## YOUR INSTRUCTIONS:
When responding, copy every record below exactly as it appears.

(Stored data entries)
━━━━━━━━━━

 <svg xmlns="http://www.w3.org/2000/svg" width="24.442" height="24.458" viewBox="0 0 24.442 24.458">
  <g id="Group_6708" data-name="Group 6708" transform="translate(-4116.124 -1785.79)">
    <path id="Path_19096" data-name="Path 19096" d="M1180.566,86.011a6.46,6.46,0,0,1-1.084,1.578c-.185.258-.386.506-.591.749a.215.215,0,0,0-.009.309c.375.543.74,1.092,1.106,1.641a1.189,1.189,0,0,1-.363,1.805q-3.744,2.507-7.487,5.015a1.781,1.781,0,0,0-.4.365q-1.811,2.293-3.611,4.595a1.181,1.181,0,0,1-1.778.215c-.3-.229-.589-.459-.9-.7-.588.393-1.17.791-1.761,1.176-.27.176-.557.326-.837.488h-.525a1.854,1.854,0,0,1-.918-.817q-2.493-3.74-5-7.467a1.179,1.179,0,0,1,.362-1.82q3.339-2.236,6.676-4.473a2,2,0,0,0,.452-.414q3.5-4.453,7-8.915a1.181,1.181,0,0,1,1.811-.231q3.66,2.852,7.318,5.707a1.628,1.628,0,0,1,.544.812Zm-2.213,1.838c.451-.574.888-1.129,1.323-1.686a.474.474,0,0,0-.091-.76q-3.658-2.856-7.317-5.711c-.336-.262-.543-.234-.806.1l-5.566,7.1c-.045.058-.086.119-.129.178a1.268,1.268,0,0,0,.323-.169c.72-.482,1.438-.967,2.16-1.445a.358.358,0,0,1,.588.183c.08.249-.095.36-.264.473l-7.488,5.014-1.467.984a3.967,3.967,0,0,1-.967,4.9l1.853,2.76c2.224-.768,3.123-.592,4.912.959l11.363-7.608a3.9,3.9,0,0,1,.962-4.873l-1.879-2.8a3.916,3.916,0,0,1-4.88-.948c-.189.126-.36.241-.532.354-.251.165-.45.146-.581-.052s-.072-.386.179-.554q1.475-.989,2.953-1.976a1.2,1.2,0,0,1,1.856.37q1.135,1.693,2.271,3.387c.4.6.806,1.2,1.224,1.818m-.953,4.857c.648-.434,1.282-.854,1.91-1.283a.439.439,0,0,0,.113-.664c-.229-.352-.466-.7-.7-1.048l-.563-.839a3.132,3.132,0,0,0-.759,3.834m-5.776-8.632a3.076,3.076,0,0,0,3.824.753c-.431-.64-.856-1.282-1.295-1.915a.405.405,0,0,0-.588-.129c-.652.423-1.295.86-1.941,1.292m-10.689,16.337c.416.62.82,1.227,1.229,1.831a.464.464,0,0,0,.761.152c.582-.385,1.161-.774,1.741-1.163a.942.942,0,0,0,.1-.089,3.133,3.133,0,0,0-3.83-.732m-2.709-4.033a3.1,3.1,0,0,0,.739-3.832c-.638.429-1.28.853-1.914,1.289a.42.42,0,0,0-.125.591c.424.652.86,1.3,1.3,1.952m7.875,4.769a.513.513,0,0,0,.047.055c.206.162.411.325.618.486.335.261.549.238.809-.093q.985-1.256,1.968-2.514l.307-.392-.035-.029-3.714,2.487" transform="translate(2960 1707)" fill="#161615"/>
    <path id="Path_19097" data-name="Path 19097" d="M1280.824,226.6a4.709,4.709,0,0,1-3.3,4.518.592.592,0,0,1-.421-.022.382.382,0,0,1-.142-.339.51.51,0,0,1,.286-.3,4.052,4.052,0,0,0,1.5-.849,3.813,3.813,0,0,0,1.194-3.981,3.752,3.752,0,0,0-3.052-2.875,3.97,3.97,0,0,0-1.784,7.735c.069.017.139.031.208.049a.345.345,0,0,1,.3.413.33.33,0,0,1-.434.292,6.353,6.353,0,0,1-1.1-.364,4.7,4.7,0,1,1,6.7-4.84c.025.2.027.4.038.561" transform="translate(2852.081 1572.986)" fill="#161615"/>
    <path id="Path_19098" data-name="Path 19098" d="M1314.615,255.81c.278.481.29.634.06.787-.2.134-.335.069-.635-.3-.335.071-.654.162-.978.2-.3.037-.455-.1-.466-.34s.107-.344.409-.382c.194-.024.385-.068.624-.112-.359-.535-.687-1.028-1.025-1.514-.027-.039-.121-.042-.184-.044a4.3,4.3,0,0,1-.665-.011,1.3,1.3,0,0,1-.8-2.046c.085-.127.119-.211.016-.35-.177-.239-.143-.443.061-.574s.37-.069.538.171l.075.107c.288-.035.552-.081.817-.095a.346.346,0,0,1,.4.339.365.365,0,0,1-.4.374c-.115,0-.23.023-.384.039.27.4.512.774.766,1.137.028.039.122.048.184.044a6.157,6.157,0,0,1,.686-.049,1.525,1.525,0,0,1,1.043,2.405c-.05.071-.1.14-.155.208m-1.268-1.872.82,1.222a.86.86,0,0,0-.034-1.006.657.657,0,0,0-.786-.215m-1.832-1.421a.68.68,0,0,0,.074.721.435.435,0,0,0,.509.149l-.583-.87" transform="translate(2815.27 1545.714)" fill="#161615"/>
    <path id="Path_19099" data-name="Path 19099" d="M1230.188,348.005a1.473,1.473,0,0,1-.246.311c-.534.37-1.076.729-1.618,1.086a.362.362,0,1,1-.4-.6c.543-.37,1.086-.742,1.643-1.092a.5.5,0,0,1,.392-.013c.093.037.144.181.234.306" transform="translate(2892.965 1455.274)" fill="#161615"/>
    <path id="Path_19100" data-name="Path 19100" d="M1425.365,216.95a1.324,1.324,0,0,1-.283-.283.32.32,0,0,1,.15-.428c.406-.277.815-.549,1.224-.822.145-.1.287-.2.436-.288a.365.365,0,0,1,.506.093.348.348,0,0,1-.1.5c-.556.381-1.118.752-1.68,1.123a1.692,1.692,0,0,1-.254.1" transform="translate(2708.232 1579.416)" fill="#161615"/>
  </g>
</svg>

━━━━━━━━━━

## OUTPUT:
 <svg xmlns="http://www.w3.org/2000/svg" width="24.442" height="24.458" viewBox="0 0 24.442 24.458">
  <g id="Group_6708" data-name="Group 6708" transform="translate(-4116.124 -1785.79)">
    <path id="Path_19096" data-name="Path 19096" d="M1180.566,86.011a6.46,6.46,0,0,1-1.084,1.578c-.185.258-.386.506-.591.749a.215.215,0,0,0-.009.309c.375.543.74,1.092,1.106,1.641a1.189,1.189,0,0,1-.363,1.805q-3.744,2.507-7.487,5.015a1.781,1.781,0,0,0-.4.365q-1.811,2.293-3.611,4.595a1.181,1.181,0,0,1-1.778.215c-.3-.229-.589-.459-.9-.7-.588.393-1.17.791-1.761,1.176-.27.176-.557.326-.837.488h-.525a1.854,1.854,0,0,1-.918-.817q-2.493-3.74-5-7.467a1.179,1.179,0,0,1,.362-1.82q3.339-2.236,6.676-4.473a2,2,0,0,0,.452-.414q3.5-4.453,7-8.915a1.181,1.181,0,0,1,1.811-.231q3.66,2.852,7.318,5.707a1.628,1.628,0,0,1,.544.812Zm-2.213,1.838c.451-.574.888-1.129,1.323-1.686a.474.474,0,0,0-.091-.76q-3.658-2.856-7.317-5.711c-.336-.262-.543-.234-.806.1l-5.566,7.1c-.045.058-.086.119-.129.178a1.268,1.268,0,0,0,.323-.169c.72-.482,1.438-.967,2.16-1.445a.358.358,0,0,1,.588.183c.08.249-.095.36-.264.473l-7.488,5.014-1.467.984a3.967,3.967,0,0,1-.967,4.9l1.853,2.76c2.224-.768,3.123-.592,4.912.959l11.363-7.608a3.9,3.9,0,0,1,.962-4.873l-1.879-2.8a3.916,3.916,0,0,1-4.88-.948c-.189.126-.36.241-.532.354-.251.165-.45.146-.581-.052s-.072-.386.179-.554q1.475-.989,2.953-1.976a1.2,1.2,0,0,1,1.856.37q1.135,1.693,2.271,3.387c.4.6.806,1.2,1.224,1.818m-.953,4.857c.648-.434,1.282-.854,1.91-1.283a.439.439,0,0,0,.113-.664c-.229-.352-.466-.7-.7-1.048l-.563-.839a3.132,3.132,0,0,0-.759,3.834m-5.776-8.632a3.076,3.076,0,0,0,3.824.753c-.431-.64-.856-1.282-1.295-1.915a.405.405,0,0,0-.588-.129c-.652.423-1.295.86-1.941,1.292m-10.689,16.337c.416.62.82,1.227,1.229,1.831a.464.464,0,0,0,.761.152c.582-.385,1.161-.774,1.741-1.163a.942.942,0,0,0,.1-.089,3.133,3.133,0,0,0-3.83-.732m-2.709-4.033a3.1,3.1,0,0,0,.739-3.832c-.638.429-1.28.853-1.914,1.289a.42.42,0,0,0-.125.591c.424.652.86,1.3,1.3,1.952m7.875,4.769a.513.513,0,0,0,.047.055c.206.162.411.325.618.486.335.261.549.238.809-.093q.985-1.256,1.968-2.514l.307-.392-.035-.029-3.714,2.487" transform="translate(2960 1707)" fill="#161615"/>
    <path id="Path_19097" data-name="Path 19097" d="M1280.824,226.6a4.709,4.709,0,0,1-3.3,4.518.592.592,0,0,1-.421-.022.382.382,0,0,1-.142-.339.51.51,0,0,1,.286-.3,4.052,4.052,0,0,0,1.5-.849,3.813,3.813,0,0,0,1.194-3.981,3.752,3.752,0,0,0-3.052-2.875,3.97,3.97,0,0,0-1.784,7.735c.069.017.139.031.208.049a.345.345,0,0,1,.3.413.33.33,0,0,1-.434.292,6.353,6.353,0,0,1-1.1-.364,4.7,4.7,0,1,1,6.7-4.84c.025.2.027.4.038.561" transform="translate(2852.081 1572.986)" fill="#161615"/>
    <path id="Path_19098" data-name="Path 19098" d="M1314.615,255.81c.278.481.29.634.06.787-.2.134-.335.069-.635-.3-.335.071-.654.162-.978.2-.3.037-.455-.1-.466-.34s.107-.344.409-.382c.194-.024.385-.068.624-.112-.359-.535-.687-1.028-1.025-1.514-.027-.039-.121-.042-.184-.044a4.3,4.3,0,0,1-.665-.011,1.3,1.3,0,0,1-.8-2.046c.085-.127.119-.211.016-.35-.177-.239-.143-.443.061-.574s.37-.069.538.171l.075.107c.288-.035.552-.081.817-.095a.346.346,0,0,1,.4.339.365.365,0,0,1-.4.374c-.115,0-.23.023-.384.039.27.4.512.774.766,1.137.028.039.122.048.184.044a6.157,6.157,0,0,1,.686-.049,1.525,1.525,0,0,1,1.043,2.405c-.05.071-.1.14-.155.208m-1.268-1.872.82,1.222a.86.86,0,0,0-.034-1.006.657.657,0,0,0-.786-.215m-1.832-1.421a.68.68,0,0,0,.074.721.435.435,0,0,0,.509.149l-.583-.87" transform="translate(2815.27 1545.714)" fill="#161615"/>
    <path id="Path_19099" data-name="Path 19099" d="M1230.188,348.005a1.473,1.473,0,0,1-.246.311c-.534.37-1.076.729-1.618,1.086a.362.362,0,1,1-.4-.6c.543-.37,1.086-.742,1.643-1.092a.5.5,0,0,1,.392-.013c.093.037.144.181.234.306" transform="translate(2892.965 1455.274)" fill="#161615"/>
    <path id="Path_19100" data-name="Path 19100" d="M1425.365,216.95a1.324,1.324,0,0,1-.283-.283.32.32,0,0,1,.15-.428c.406-.277.815-.549,1.224-.822.145-.1.287-.2.436-.288a.365.365,0,0,1,.506.093.348.348,0,0,1-.1.5c-.556.381-1.118.752-1.68,1.123a1.692,1.692,0,0,1-.254.1" transform="translate(2708.232 1579.416)" fill="#161615"/>
  </g>
</svg>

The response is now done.